Boston University School of Public Health
Health Reform Program
March 16, 2010
Massachusetts Hospital Spending Reached 55.4% Per Person Above the U.S. Average in 2007
Most of Excess is Unjustified, and State's Health Reform Law Is Negligible Factor
Report by Alan Sager and Deborah Socolar
This report documents and investigates the excess in Massachusetts hospital costs per person above the average for the United States. It examines the recent rise in this excess after a prolonged earlier decline, analyzes the many causes of the excess, assesses their reasonableness, and offers recommendations for addressing the state's resurgent hospital cost crisis.
Comment: It is difficult to reduce this complex 211 page report on the very high level of spending by Massachusetts' hospitals into a few paragraphs, but the title and subtitle alone deliver the dominant messages. For those who would like more insight without reading the full report, there is an excellent 30 page summary at the beginning the report.

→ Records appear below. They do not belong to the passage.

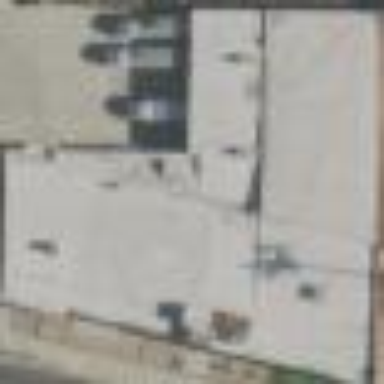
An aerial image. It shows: Factory building.
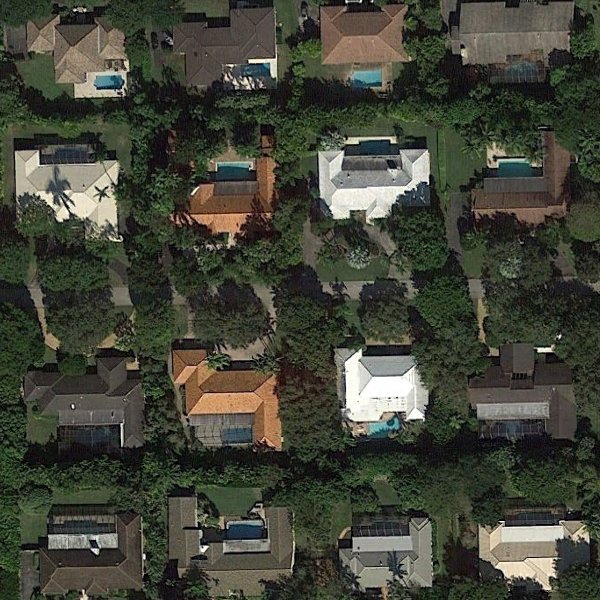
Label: MediumResidential
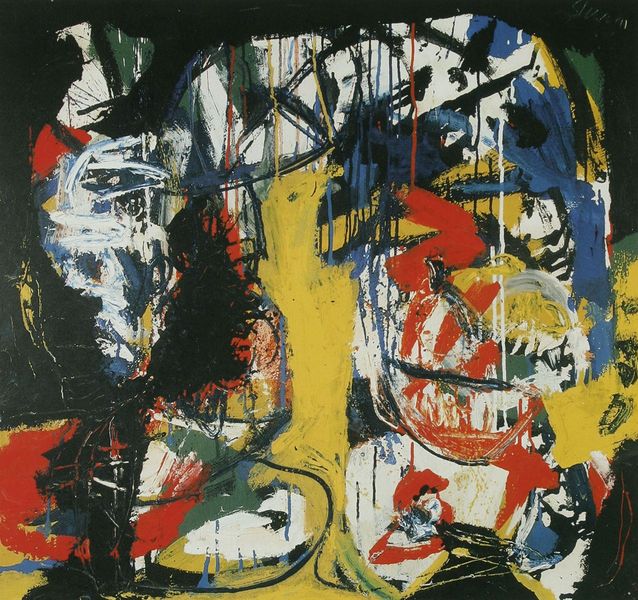
Künstler: Helmut Sturm
Standort: Cham
Institution: Chamer Sammlung regionaler und überregionaler zeitgenössischer Kunst
Schlagwörter: blau, dunkel, kopf, weiß, gelb, grün, ocker, braun, bunt, schwarz, rot, beige, expressionismus, gesicht, öl, rund, chaos, farbig, düster, bogen, abstrakt, farben, flächen, modern, farbe, formen, linien, sturm, gestreift, striche, expressionistisch, linie, durcheinander, wirr, zickzack, expressiv, rätsel, kleckse, georg, steigend, grundfarben, flecke, helmut sturm, baselitz, helmut, ausdehnen, ausweiten, georg baselitz, umgebend, wilder pinselduktus
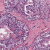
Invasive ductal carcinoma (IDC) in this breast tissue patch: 0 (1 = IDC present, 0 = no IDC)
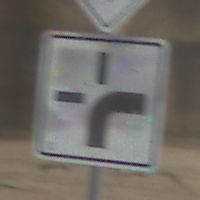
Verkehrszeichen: VerlaufVorfahrtsstrasse3
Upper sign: Vorfahrtsstrasse
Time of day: Midday
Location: Roofed (Beach)
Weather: Overcast
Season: NotSpecified
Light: Natural
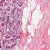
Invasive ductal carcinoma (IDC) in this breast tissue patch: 0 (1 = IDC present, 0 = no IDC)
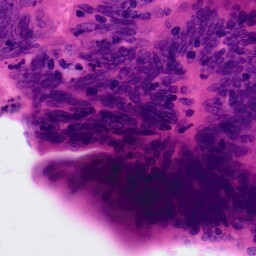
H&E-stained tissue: Colon
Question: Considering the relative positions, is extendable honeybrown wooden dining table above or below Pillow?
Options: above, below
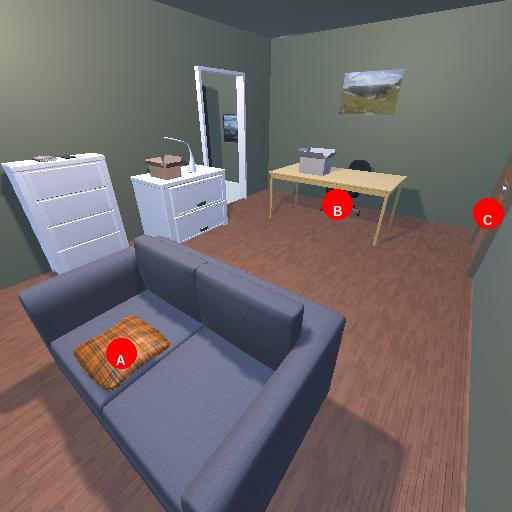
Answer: above
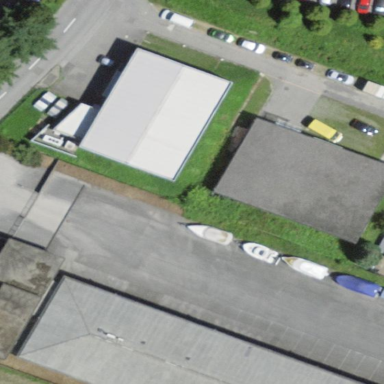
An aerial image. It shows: Industrial building.
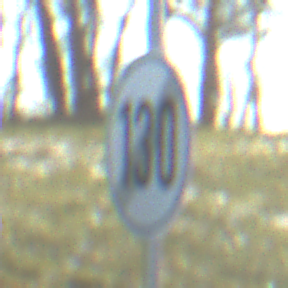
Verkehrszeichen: EndeGeschwindigkeit130
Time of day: MorningAfternoon
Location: Outdoor (Nature)
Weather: Clear
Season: Winter
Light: Natural
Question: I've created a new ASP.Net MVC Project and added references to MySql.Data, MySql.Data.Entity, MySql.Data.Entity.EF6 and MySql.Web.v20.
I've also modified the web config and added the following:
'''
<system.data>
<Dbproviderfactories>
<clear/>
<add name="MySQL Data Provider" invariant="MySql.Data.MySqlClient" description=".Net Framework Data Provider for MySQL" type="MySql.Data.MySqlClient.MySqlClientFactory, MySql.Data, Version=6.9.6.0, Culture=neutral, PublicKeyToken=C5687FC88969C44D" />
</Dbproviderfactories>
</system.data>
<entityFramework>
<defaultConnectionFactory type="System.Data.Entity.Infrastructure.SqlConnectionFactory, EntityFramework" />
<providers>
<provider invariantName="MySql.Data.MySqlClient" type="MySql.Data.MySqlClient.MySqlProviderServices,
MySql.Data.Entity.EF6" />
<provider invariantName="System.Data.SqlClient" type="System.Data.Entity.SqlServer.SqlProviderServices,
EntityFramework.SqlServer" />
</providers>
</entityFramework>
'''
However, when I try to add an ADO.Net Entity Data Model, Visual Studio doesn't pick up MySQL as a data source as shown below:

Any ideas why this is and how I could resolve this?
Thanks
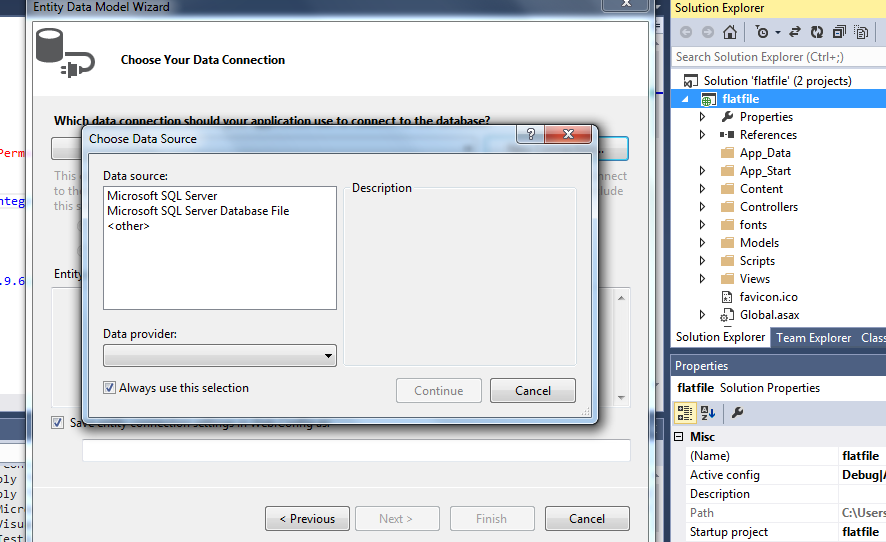
Answer: I uninstalled the MySQL .Net Connector and installed the latest version.
I updated Visual Studio 2013 to Update 4.
I installed the latest MySQL for Visual Studio.
I created a new ASP.Net MVC Project and added references to MySql.Data, MySql.Data.Entity.EF6 and MySql.Web.v20.
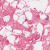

For those following the health care reform process, one observation stands out. The Massachusetts health reform - a hybrid model of reform not unlike the proposal before Congress - was not a significant cause of the excesses in hospital costs. More importantly from the perspective of those of us concerned about reform, it played no role in slowing cost increases.
All nations struggle with rising health care costs, but all except the United States have been able to maintain a lower trajectory in those increases. Financing systems do make a difference, and they must enable strong government oversight to be effective. Fragmented hybrid systems such as that in Massachusetts, and, more importantly, that in the proposed federal legislation, are not particularly effective. The authors do not discuss this other than to state that in the United States, "Nationally, neither competitive forces of a market nor regulatory actions by government have succeeded in reining in health care costs generally or hospital costs specifically."
Sager and Socolar do reemphasize an important point that they have made many times about controlling costs: "it is fundamentally about liberating, enabling, and persuading physicians to spend money more carefully on behalf of their patients." That sure seems like it would be much easier in a single, publicly administered system devoid of the third party money manipulators.